Task to complete:
Retype the entries below exactly, but begin at the line containing "Length unit declared in the file: millimetre" and end at the last line.

Data records:
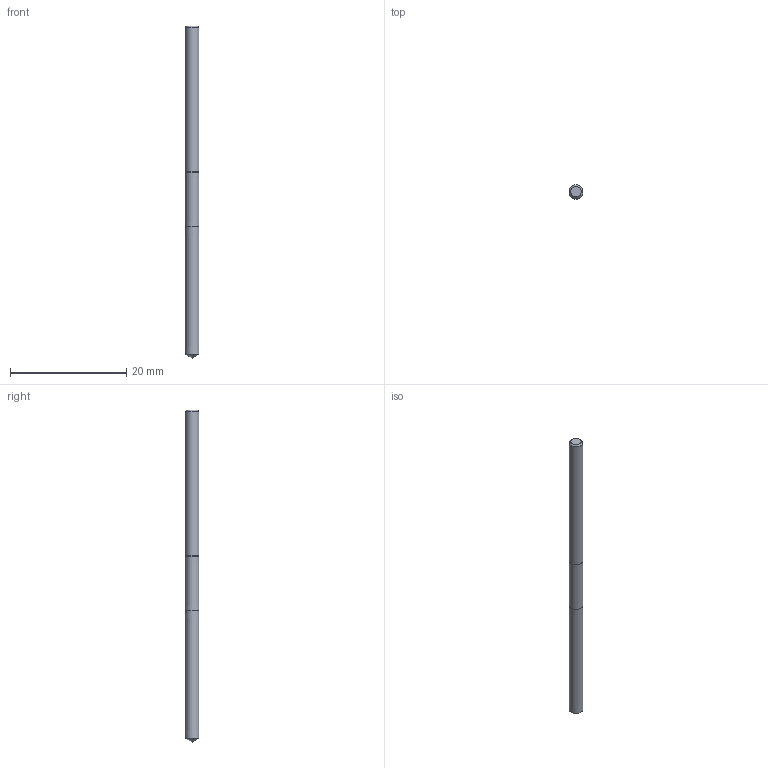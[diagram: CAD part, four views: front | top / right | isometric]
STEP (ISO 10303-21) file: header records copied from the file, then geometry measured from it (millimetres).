
FILE_DESCRIPTION(/* description */ (''),/* implementation_level */ '2;1');
FILE_NAME(/* name */ 'CAPP~A~20231011175114~8402826~MOD~TM01_00~ISO~FR.STP',/* time_stamp */ '2023-10-11T17:54:13+02:00',/* author */ (''),/* organization */ ('SMS'),/* preprocessor_version */ 'ST-DEVELOPER v16.7',/* originating_system */ 'SIEMENS PLM Software NX 12.0',/* authorisation */ '');
FILE_SCHEMA (('AUTOMOTIVE_DESIGN { 1 0 10303 214 3 1 1 1 }'));
Length unit declared in the file: millimetre
Products named in the file (1): CAPP~A~20231011175114~8402826~MOD~TM01_00~ISO~FR
Bounding box: 2.4 x 2.4 x 57 mm (x, y, z)
Volume: 254.2 mm3; surface area: 440.9 mm2
Topology: 2 solids, 2 shells, 9 faces, 17 edges, 14 vertices
Faces by surface type: cone 5, plane 3, cylinder 1
Full cylindrical faces by diameter (mm): 2.4 x1
Entity records: 264 total; most frequent: CARTESIAN_POINT 44, DIRECTION 40, AXIS2_PLACEMENT_3D 20, EDGE_LOOP 14, ORIENTED_EDGE 14, FACE_BOUND 12, ADVANCED_FACE 9, STYLED_ITEM 9

Solution for this task:
Length unit declared in the file: millimetre
Products named in the file (1): CAPP~A~20231011175114~8402826~MOD~TM01_00~ISO~FR
Bounding box: 2.4 x 2.4 x 57 mm (x, y, z)
Volume: 254.2 mm3; surface area: 440.9 mm2
Topology: 2 solids, 2 shells, 9 faces, 17 edges, 14 vertices
Faces by surface type: cone 5, plane 3, cylinder 1
Full cylindrical faces by diameter (mm): 2.4 x1
Entity records: 264 total; most frequent: CARTESIAN_POINT 44, DIRECTION 40, AXIS2_PLACEMENT_3D 20, EDGE_LOOP 14, ORIENTED_EDGE 14, FACE_BOUND 12, ADVANCED_FACE 9, STYLED_ITEM 9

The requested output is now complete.